▶ Requirement
Some lines in the data below hold the string "fill". Report how many, as a bare number.

▶ Records provided
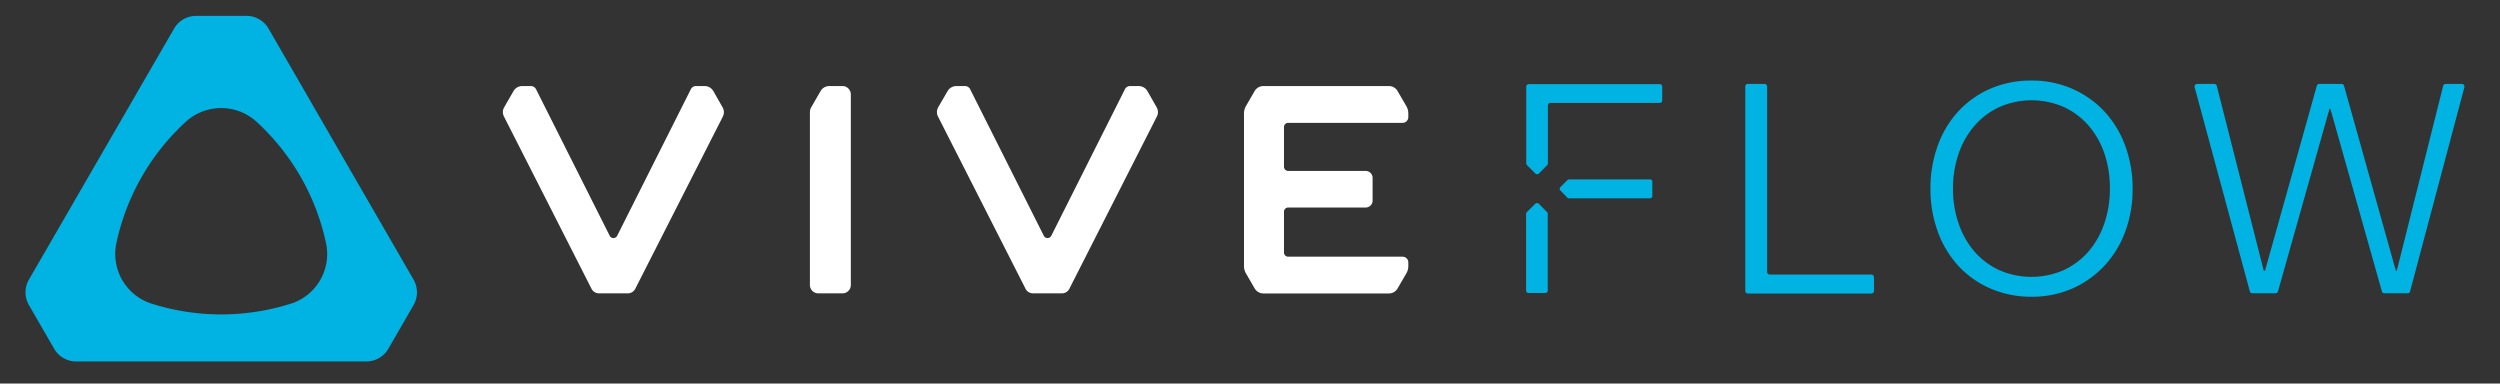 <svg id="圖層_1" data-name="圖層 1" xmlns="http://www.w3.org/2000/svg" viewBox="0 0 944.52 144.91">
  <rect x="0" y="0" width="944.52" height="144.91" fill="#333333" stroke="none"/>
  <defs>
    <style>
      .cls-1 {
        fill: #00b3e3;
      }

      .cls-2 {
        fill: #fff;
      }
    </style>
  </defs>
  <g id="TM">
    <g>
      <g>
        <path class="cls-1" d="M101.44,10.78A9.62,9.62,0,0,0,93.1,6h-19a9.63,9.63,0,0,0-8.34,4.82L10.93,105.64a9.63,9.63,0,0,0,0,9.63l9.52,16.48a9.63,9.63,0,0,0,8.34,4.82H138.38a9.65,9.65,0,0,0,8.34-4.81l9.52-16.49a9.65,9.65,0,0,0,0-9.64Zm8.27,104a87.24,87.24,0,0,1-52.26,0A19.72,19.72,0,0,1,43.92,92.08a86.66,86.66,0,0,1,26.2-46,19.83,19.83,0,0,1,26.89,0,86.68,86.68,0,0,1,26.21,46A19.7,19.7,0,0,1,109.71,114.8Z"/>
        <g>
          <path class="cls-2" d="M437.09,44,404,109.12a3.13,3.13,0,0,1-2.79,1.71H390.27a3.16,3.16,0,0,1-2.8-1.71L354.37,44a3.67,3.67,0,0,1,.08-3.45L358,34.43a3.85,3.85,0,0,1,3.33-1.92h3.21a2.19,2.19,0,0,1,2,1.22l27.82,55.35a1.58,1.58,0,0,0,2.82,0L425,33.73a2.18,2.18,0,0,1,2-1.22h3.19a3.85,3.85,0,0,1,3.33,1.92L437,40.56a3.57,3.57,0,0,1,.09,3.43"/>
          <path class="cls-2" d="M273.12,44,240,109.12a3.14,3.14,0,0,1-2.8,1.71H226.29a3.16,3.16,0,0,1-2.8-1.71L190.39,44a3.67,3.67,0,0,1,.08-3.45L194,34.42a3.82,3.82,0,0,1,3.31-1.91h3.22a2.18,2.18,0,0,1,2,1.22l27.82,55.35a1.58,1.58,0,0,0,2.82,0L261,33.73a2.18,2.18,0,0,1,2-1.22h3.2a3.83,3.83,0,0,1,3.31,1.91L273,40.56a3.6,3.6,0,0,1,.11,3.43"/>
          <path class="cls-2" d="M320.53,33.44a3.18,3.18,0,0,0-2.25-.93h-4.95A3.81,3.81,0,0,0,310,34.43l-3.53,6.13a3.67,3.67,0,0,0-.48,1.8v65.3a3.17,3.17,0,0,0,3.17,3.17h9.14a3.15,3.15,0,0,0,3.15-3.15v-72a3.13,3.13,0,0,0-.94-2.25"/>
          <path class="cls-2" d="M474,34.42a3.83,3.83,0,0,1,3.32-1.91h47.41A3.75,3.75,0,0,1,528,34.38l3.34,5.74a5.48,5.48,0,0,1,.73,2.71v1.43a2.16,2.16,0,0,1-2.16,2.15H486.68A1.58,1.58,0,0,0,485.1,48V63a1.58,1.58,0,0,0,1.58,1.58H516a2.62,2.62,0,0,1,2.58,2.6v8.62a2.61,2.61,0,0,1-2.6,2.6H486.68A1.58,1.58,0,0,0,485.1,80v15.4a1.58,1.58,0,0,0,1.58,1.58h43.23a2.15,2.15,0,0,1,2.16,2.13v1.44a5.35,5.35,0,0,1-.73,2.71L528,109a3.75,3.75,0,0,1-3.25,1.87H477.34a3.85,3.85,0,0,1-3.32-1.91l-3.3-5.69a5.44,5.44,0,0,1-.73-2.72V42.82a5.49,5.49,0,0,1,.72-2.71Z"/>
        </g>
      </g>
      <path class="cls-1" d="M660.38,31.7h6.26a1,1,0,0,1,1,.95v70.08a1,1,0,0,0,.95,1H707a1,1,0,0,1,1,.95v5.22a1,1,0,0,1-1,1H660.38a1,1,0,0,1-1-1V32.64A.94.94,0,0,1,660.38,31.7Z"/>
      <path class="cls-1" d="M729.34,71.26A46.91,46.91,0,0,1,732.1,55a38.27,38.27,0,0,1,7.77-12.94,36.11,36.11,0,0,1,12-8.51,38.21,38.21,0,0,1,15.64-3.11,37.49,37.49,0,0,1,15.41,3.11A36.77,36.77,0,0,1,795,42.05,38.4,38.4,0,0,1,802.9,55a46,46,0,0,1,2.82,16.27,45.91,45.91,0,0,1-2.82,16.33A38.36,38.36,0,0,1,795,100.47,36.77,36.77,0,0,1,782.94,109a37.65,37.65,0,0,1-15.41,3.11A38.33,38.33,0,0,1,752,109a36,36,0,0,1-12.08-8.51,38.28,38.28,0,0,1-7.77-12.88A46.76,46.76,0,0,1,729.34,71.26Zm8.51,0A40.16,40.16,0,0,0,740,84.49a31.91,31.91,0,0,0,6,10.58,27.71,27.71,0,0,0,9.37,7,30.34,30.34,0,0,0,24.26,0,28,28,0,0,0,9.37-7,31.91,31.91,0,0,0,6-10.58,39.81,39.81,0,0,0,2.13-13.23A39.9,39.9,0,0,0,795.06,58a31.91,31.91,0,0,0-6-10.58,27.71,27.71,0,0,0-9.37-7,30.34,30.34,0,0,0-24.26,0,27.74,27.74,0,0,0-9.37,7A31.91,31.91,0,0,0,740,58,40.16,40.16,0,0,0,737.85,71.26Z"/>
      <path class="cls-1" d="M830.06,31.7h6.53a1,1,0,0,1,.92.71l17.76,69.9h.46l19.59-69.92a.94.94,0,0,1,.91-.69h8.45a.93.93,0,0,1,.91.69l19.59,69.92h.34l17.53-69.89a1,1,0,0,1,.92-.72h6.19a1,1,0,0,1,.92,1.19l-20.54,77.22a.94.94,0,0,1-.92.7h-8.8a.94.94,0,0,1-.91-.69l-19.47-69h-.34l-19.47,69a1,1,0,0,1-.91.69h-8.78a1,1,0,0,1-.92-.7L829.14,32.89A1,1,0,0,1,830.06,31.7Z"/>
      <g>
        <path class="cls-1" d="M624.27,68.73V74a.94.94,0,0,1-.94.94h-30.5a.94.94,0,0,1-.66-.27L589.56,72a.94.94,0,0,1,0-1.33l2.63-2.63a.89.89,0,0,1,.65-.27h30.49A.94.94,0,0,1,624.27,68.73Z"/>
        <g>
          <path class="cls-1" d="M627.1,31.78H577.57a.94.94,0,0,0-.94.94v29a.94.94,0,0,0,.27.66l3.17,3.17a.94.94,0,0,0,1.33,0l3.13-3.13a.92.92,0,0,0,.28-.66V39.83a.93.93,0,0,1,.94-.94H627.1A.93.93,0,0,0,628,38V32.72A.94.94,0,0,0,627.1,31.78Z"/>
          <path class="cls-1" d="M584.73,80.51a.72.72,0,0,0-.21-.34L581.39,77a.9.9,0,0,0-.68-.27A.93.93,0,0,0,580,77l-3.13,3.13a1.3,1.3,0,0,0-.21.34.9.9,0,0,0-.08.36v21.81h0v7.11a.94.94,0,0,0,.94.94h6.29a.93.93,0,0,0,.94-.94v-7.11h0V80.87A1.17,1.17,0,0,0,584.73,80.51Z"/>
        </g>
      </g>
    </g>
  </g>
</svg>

▶ The completed task
3